Posted 20 June 2012 - 10:53 PM
When I've finished with all of the woodwork I dip my plugs in Top Secret Coating 1 part epoxy. It penetrates and seals well. Then onto paint, topcoat and hardware. This method produces a very tough plug. I went through the learning curve with this process and have zero problems anymore even with heavy double digit stripers beating these things up. For that reason the rattle chamber needs to be tough also. The topcoat I use has proven to be very tough and may add enough strength to thin material on the rattle chamber. I think I'll build a plug, weight the rear section, drill the hole and weigh it again to determine what the wood loss from the hole contribute to offset my rattle weight additions. The bearing will be the majority of the weight. I just ordered 1/4" bearings and should know their weight in a few days.
Posted 20 June 2012 - 11:12 PM
If weight is an issue for you, you can use a section of plastic drinking straw as a race for the rattle balls.
BobP's idea to use aluminum can cutouts to seal the ends works really well. I use an old one hole punch, one with long handles for leverage, to cut my aluminum discs out of aluminum cans.
Posted 21 June 2012 - 11:37 AM
The straw idea sounds good. It would make for a very slick raceway. It's just a matter of finding the right size straw and drilling the hole accordingly. I only need to wait, as usual, for the ball bearings to get here.

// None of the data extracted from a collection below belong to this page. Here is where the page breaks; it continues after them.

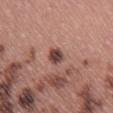Q: Was a biopsy performed?
A: catalogued during a skin exam; not biopsied
Q: Where on the body is the lesion?
A: the right thigh
Q: Illumination type?
A: white-light
Q: How was this image acquired?
A: total-body-photography crop, ~15 mm field of view
Q: Automated lesion metrics?
A: a mean CIELAB color near L≈44 a*≈21 b*≈22 and a lesion-to-skin contrast of about 11 (normalized; higher = more distinct); border irregularity of about 2 on a 0–10 scale, a color-variation rating of about 4.5/10, and a peripheral color-asymmetry measure near 1.5
Q: What is the lesion's diameter?
A: ≈2.5 mm
Q: Who is the patient?
A: female, aged 58 to 62

Edited by quickdraw, 21 June 2012 - 11:37 AM.
Posted 23 June 2012 - 07:19 PM
For a 9-12 inch lure, I can't see any size rattle being to big for those lures. I have an eleven inch lure with one ounce of lead that floats. I also have a ten inch glide bait with 5.5 ounces of lead that barely sinks. How about a big rattle front and back? Musky Glenn
Posted 23 June 2012 - 10:55 PM
These swimbaits are fairly stable in the front section of the plug but the rear section has a swimming movement. I have several different styles where one type has an random action but the other 3 have great movement. I also am not concerned at all about the weight but may need to pay attention to the balance. These are all made to float and depending on the design some run the surface while others may dive as much as 10 feet when trolling or being retrieved, depending on the speed. I've checked out different types of worm rattles but they are too whimpy. My 1/4" ball bearings will be here the first part of next week and I'll get a prototype built. Then it's time to make some noise.

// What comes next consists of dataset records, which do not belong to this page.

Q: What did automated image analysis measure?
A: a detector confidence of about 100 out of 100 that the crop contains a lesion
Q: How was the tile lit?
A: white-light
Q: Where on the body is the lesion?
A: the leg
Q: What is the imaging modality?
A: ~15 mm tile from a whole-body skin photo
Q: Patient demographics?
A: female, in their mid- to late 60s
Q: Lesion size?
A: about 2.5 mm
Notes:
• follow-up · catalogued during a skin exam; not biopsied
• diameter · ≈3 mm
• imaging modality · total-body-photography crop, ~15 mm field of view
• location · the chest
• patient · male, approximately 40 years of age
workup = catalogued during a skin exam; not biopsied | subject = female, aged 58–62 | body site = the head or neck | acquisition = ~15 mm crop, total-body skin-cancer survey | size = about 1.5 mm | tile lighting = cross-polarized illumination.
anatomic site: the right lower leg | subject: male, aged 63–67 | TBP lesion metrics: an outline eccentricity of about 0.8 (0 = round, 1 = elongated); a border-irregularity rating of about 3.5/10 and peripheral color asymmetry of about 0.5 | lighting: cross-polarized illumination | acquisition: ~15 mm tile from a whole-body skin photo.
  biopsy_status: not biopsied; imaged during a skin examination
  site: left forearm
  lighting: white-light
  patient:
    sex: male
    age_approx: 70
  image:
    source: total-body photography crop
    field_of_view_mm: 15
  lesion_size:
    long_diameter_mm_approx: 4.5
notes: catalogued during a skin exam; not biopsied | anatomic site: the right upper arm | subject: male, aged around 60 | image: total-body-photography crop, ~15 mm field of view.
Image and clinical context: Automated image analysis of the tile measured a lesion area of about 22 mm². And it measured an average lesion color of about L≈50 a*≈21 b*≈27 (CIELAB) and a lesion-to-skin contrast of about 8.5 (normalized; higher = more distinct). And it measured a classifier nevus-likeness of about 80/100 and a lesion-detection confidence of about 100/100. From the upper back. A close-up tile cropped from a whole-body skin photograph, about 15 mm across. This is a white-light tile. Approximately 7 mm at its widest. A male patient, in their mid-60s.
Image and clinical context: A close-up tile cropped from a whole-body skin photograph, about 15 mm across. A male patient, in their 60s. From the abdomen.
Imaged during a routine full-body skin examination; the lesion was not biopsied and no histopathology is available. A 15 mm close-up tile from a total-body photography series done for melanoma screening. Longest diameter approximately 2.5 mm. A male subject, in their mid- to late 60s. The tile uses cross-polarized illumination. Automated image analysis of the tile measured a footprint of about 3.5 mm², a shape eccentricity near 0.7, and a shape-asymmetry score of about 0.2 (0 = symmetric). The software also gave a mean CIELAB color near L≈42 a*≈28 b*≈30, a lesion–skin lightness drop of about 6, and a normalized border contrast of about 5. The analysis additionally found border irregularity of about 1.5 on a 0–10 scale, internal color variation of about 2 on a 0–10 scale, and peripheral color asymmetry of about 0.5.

Posted 26 June 2012 - 11:37 PM
I got the 1/4" ball bearings a few days back and did all of the woodwork yesterday. I drilled a 5/16 hole through the rear section on the plug just behind where the rear eye screw is located. I countersunk the hole with a 1/2" drill to recess the metal plate but after doing so I realized that the metal from the soda can is so thin that there wasn't a need because the primer, paint and clearcoat will more than smooth out the edge of the metal. I corrected that step. I then cut a standard straw to run through the raceway so the ball rolls very smoothly from side to side. Now with all of the woodwork completed I dipped the wood in Top Secret Coating 1 part epoxy to seal everything and I'll let it cure for 2 days before assembling the hardware and beginning paint. The amount of weight in removing the wood with the accompanying air chamber in the raceway will more than offset the weight of the ball. I will attach the metal plates with a thin coat of 5 min epoxy and the final clearcoat will make everything permanent and water tight. The only thing covering the metal plates will be paint and clearcoat so I hope that doesn't dampen the sound too much. The rattle function will be invisible until the plug is shook.
Edited by quickdraw, 26 June 2012 - 11:38 PM.

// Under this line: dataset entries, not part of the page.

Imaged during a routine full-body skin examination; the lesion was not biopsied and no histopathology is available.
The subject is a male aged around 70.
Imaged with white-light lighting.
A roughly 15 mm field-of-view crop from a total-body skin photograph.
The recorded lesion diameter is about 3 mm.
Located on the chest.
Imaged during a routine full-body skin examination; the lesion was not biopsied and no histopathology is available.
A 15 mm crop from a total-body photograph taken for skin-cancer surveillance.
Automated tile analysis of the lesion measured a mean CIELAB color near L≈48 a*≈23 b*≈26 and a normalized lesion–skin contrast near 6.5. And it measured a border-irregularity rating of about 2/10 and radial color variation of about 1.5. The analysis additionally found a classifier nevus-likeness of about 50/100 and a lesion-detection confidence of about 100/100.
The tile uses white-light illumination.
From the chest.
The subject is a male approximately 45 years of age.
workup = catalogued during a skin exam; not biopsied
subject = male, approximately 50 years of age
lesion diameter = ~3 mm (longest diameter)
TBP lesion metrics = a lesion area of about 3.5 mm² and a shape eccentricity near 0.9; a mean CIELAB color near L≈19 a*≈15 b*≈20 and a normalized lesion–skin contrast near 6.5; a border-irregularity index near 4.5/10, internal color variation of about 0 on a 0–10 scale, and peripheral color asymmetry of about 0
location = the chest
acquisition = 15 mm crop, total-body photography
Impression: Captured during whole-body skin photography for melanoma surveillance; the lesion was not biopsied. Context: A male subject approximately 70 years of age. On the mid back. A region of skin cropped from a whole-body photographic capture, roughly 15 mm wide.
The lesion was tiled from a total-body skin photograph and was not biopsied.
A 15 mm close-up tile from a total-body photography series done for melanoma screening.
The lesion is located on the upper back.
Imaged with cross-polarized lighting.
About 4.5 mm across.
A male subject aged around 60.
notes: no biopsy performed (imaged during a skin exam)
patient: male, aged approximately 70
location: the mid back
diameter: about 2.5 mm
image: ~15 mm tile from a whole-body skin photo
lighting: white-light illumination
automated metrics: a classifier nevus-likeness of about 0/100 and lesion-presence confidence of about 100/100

Posted 27 June 2012 - 02:36 AM
Sorry , ....don't know any place of purchase either , but I make mine like this :
Please click on "YouTube" title above start picture to view video straight on "YouTube" so you could read further explanations in there .
Cheers , diemai
Edited by diemai, 27 June 2012 - 02:40 AM.
Posted 27 June 2012 - 08:34 PM
That looks like a very nice rattle and being a plumber I certainly have some experience working with copper pipe. I just finished assymbling my first 2 prototypes and waiting for the epoxy to set.